Why Every Business Owner Should Adopt An AI Approach?

Why Every Business Owner Should Adopt An AI Approach?
Why Every Business Owner Should Adopt An AI Approach?

Artificial intelligence is the most transformative business trend in the world today. Hold on, you say – AI is not a new idea. In the 1940s the great mathematician and code breaker Alan Turing predicted that digital computers in the future would be capable of logical reasoning. Commercial interest in AI began in the 1960s and waxed and waned over the next several decades.

Why is AI a big deal now? Partly, it’s because of the rapid advances in computer and communications hardware, says Pat Gelsinger, CEO of VMware, a provider of cloud computing solutions based in Palo Alto, California. Gelsinger knows hardware. In the 2000s he was the chief technology officer at Intel.

“The faster pace of change in AI today is because you now have data at scale and computing at scale,” he says. Data at scale, he says, comes from the 30 billion or so computerized sensors in the world that are constantly gathering information. Computing at scale comes from cheap rentable supercomputers offered by Amazon, Microsoft, Google, Alibaba and others.

These, along with the coming 5G wireless speeds, are superpowers, says Gelsinger. If your company doesn’t tap into these powers, your competitor will. CEOs and boards, take note. Stop relegating your company’s IT challenges to a 30-minute discussion within the audit committee. The superpowers that drive AI will accelerate business evolution.

Imagine two rival companies: A and B. Company A has invested in AI across its organization, at times a painstaking process, and is getting 10% smarter per year. That’s 10% smarter about its customers, its opportunities, its costs and its risks. Company B, which is old school and run by penny pinchers, thinks technology is a commodity and not a strategic weapon. Company B’s cheap approach saves money, but at a steep cost. Company B is only getting 2% smarter per year. Which company do you want to be?

This begs the question: Which countries are ahead in AI? The question often comes up these days at highest levels of governments around the world. I asked Silicon Valley venture capitalist Jim Breyer, who is an investment advisor in IDG’s China funds, which has about 200 investments in China, including some of the country’s most interesting AI companies, for his opinion.

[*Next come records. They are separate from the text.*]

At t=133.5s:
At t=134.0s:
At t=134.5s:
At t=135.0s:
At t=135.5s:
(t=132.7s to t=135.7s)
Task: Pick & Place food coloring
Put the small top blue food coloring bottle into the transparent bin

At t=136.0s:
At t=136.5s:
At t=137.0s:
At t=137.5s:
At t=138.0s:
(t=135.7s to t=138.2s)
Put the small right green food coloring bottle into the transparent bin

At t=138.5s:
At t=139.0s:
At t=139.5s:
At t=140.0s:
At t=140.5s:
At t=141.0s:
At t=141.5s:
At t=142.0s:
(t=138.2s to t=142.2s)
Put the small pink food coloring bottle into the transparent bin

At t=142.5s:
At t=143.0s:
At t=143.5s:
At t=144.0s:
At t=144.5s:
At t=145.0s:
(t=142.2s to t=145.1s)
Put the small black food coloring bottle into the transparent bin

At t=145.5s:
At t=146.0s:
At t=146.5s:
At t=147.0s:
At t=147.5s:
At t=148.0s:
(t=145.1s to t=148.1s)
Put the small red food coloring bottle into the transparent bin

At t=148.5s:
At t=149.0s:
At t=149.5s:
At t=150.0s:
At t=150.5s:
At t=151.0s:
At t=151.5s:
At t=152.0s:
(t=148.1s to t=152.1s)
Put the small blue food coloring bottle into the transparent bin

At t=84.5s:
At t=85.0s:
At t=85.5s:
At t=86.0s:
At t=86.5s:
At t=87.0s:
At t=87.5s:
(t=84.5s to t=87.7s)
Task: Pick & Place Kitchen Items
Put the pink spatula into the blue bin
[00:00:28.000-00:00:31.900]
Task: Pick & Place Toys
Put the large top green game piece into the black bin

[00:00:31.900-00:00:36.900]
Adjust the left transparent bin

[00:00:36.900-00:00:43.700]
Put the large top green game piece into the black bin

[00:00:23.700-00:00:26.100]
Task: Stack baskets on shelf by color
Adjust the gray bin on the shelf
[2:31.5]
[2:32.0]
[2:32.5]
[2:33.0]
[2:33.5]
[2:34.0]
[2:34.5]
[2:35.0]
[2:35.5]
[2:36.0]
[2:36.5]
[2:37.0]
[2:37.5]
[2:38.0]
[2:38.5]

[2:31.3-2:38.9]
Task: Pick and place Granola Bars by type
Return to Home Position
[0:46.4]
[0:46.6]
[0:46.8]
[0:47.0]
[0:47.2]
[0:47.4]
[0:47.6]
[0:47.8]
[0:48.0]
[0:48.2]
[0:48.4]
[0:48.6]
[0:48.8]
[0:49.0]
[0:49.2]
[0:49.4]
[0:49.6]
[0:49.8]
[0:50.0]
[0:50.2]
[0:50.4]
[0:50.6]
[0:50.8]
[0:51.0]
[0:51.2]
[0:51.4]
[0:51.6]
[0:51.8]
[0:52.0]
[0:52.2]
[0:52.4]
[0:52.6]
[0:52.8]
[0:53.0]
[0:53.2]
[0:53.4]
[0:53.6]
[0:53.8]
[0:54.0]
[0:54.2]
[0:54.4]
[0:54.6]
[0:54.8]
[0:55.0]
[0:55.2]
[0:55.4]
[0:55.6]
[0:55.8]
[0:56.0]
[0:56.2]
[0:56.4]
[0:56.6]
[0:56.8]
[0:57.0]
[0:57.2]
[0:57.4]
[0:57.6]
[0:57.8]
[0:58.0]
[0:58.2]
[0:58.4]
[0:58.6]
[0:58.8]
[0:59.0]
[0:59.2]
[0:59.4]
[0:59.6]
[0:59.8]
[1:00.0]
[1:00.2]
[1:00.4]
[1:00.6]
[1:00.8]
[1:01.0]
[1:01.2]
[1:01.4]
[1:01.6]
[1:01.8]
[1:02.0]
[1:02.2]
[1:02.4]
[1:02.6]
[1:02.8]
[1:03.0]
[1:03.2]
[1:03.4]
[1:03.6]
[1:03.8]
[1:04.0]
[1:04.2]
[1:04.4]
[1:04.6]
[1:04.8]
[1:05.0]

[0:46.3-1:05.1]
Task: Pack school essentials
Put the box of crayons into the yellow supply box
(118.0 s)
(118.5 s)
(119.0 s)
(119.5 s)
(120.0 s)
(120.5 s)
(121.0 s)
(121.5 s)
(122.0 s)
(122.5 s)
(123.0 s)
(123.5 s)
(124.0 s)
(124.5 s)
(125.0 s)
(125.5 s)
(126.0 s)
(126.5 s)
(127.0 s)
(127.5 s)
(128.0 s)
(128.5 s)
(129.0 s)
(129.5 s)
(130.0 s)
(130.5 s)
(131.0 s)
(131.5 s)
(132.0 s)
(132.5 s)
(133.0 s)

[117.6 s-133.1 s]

“The innovation in China is extraordinary,” Breyer says. “There really is a space-like race going on in AI between the U.S. and China. Both have deep capabilities. There are areas in China where some of the facial-recognition AI companies are the most advanced in the world. There are other technologies in the U.S., such as IoT and machine learning, where AI is more advanced. But it is a race.”